The task:
Ignoring every picture, transcribe the data in full as it stands.

+++ Data for this task

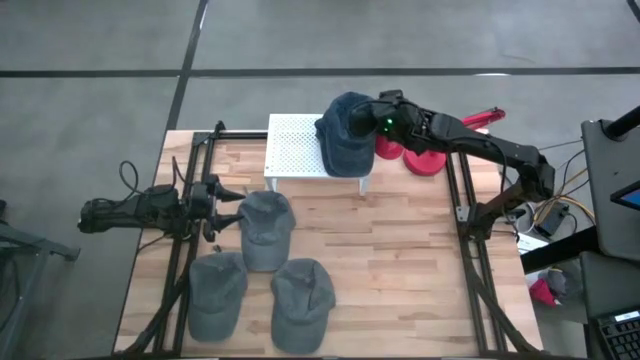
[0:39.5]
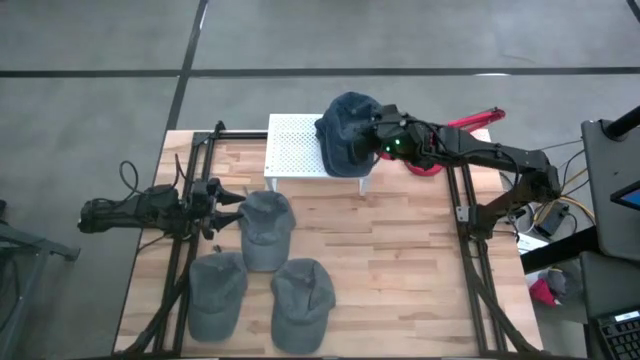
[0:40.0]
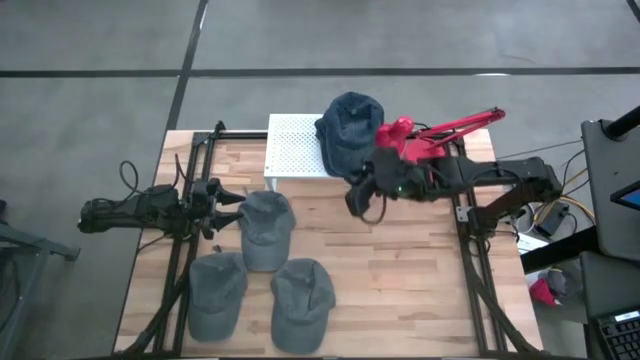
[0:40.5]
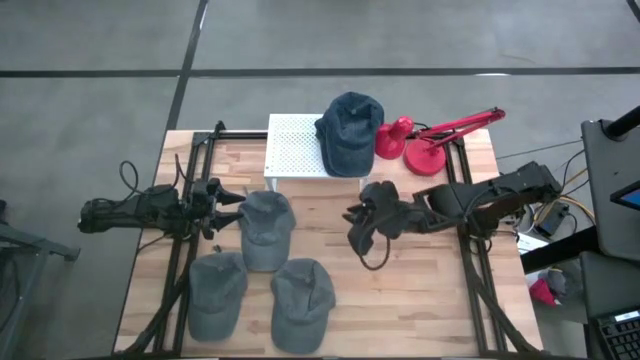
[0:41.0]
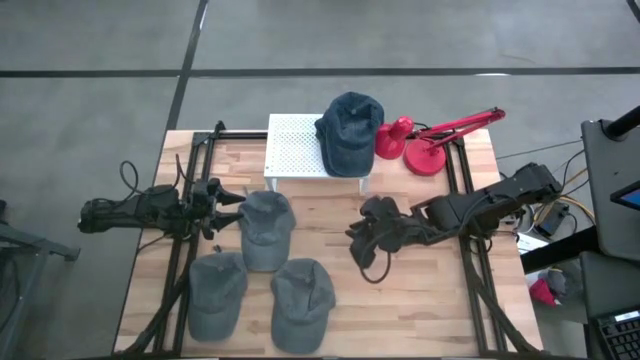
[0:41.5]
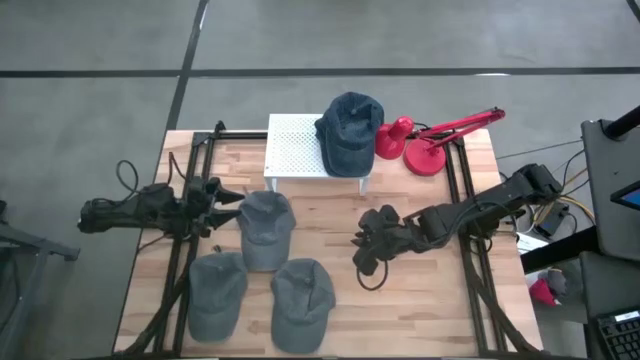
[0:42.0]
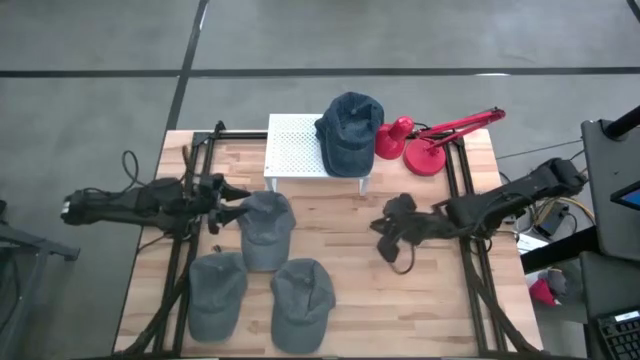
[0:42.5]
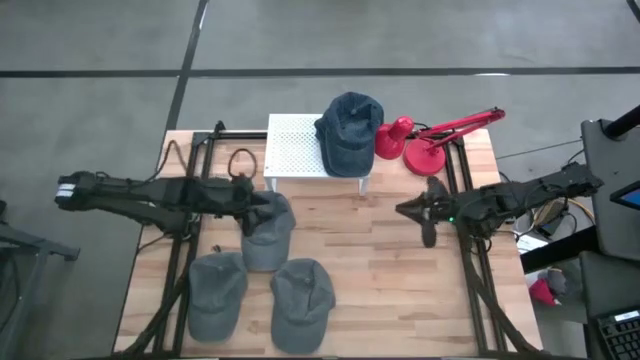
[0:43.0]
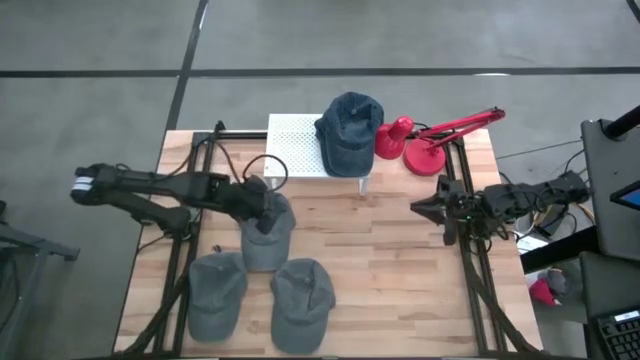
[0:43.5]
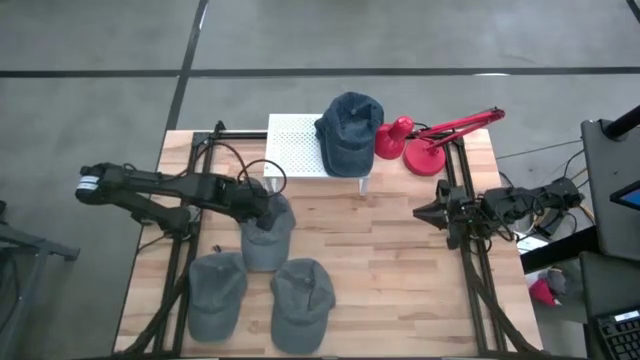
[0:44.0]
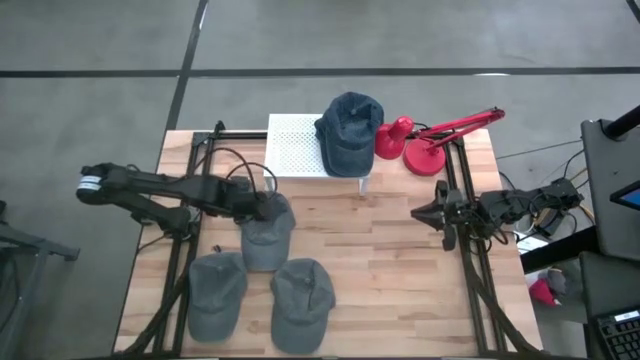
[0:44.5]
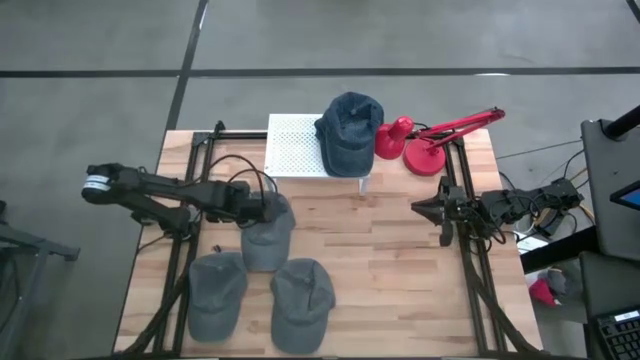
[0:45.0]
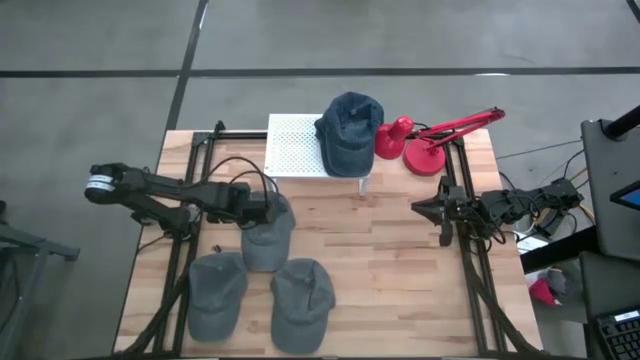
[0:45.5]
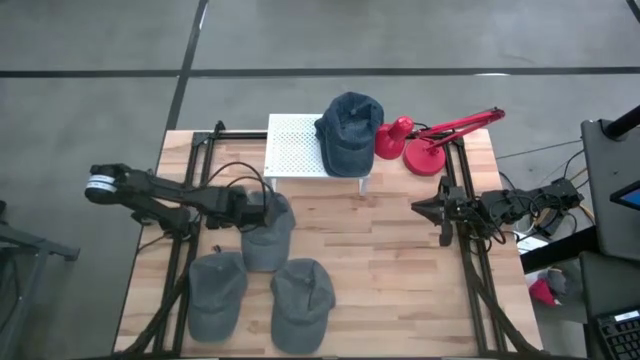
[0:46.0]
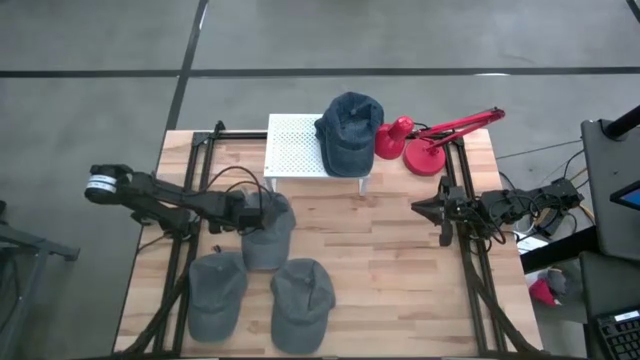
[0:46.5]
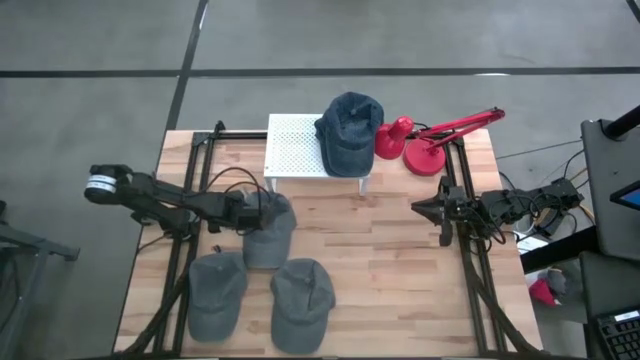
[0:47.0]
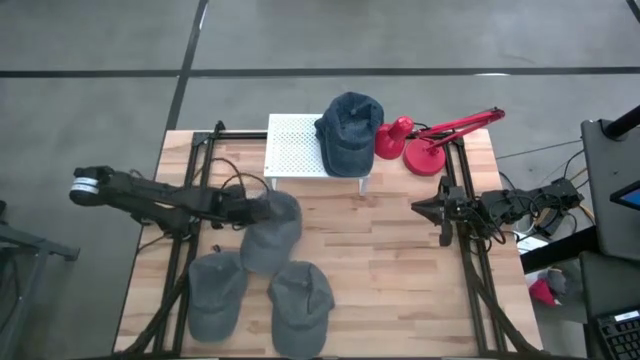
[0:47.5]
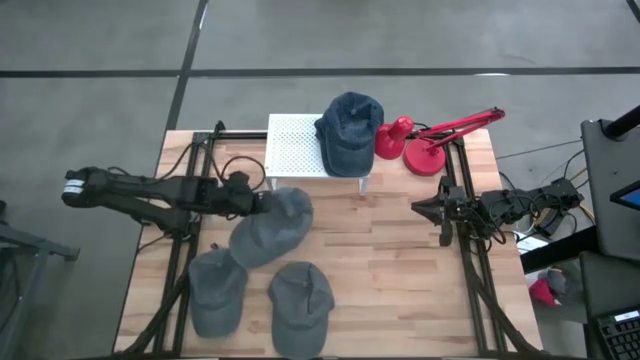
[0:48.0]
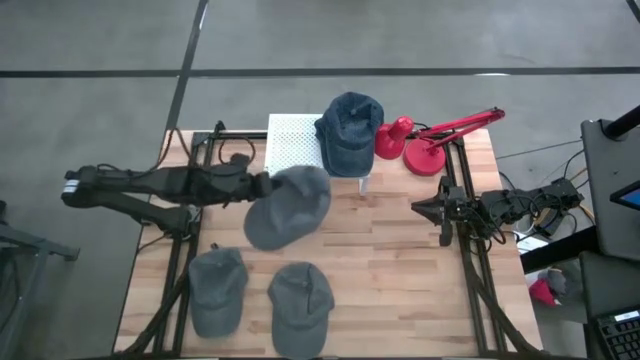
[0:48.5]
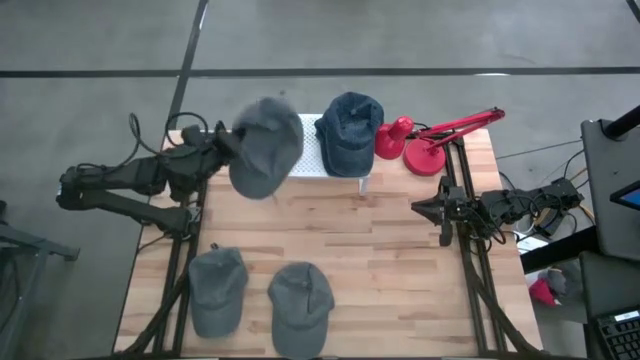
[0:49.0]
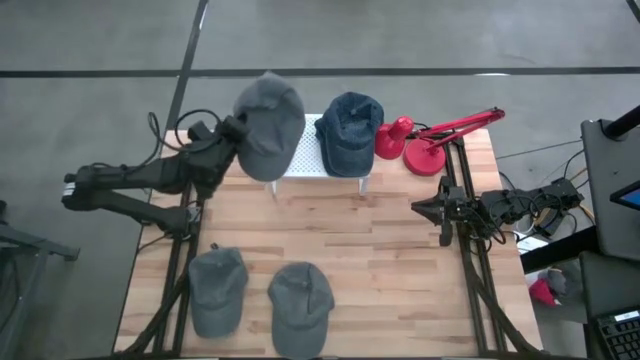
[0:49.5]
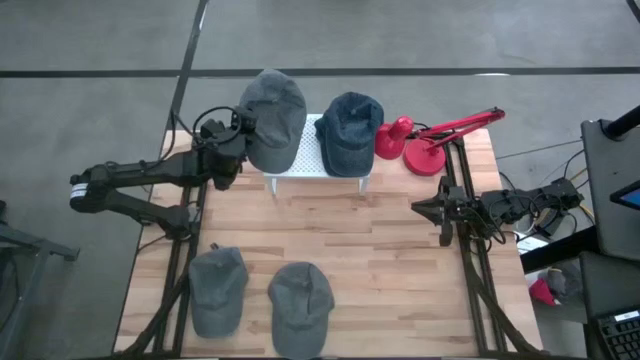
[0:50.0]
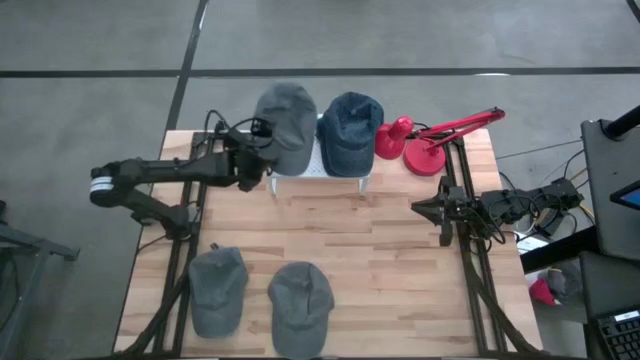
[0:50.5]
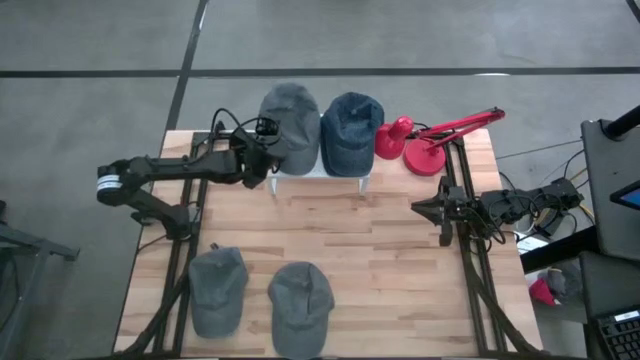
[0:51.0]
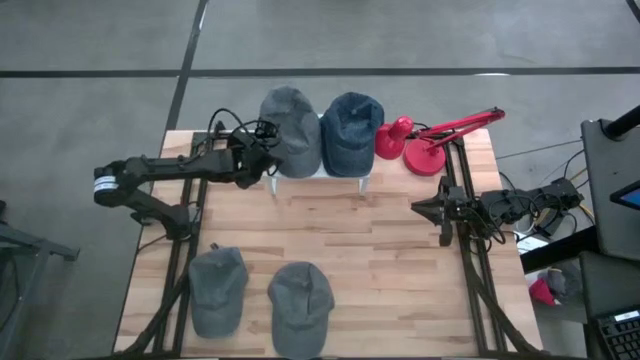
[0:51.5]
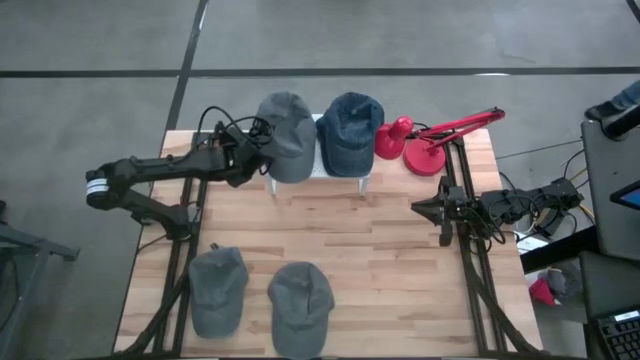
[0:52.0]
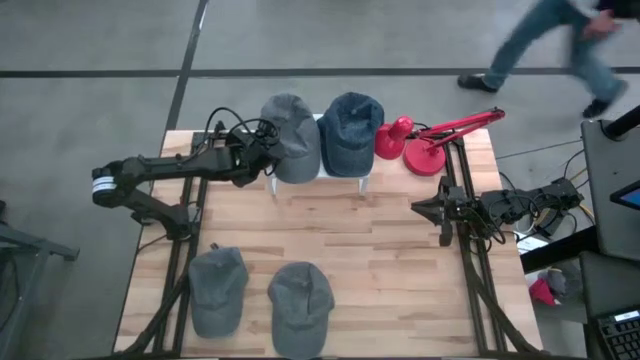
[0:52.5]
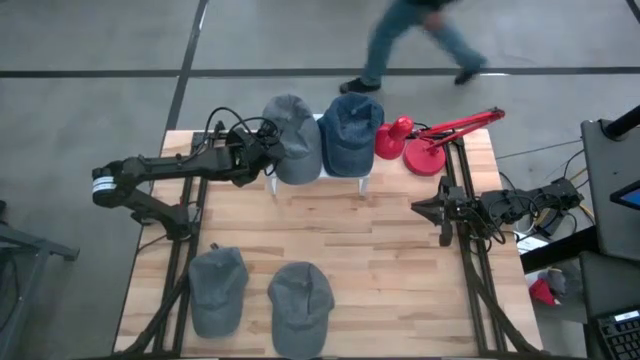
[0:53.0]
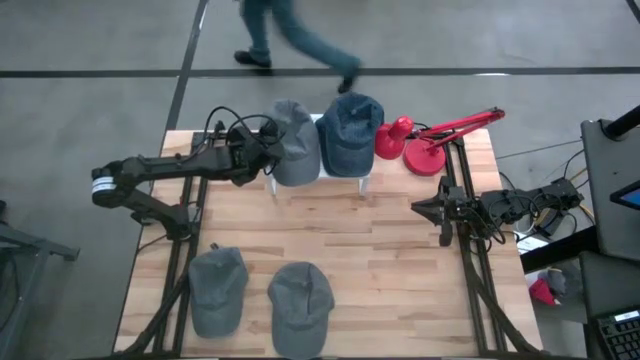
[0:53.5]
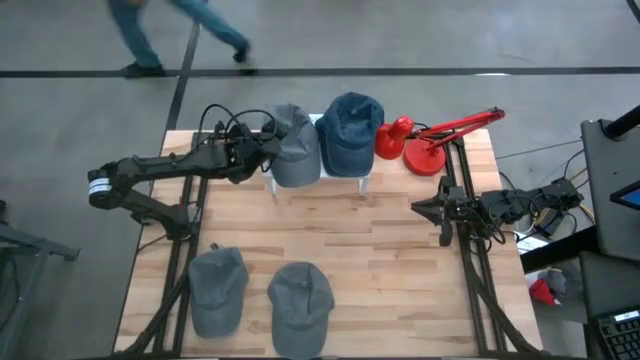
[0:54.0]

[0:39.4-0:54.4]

++++++

Response to this exercise:
[0:39.5]
[0:40.0]
[0:40.5]
[0:41.0]
[0:41.5]
[0:42.0]
[0:42.5]
[0:43.0]
[0:43.5]
[0:44.0]
[0:44.5]
[0:45.0]
[0:45.5]
[0:46.0]
[0:46.5]
[0:47.0]
[0:47.5]
[0:48.0]
[0:48.5]
[0:49.0]
[0:49.5]
[0:50.0]
[0:50.5]
[0:51.0]
[0:51.5]
[0:52.0]
[0:52.5]
[0:53.0]
[0:53.5]
[0:54.0]

[0:39.4-0:54.4]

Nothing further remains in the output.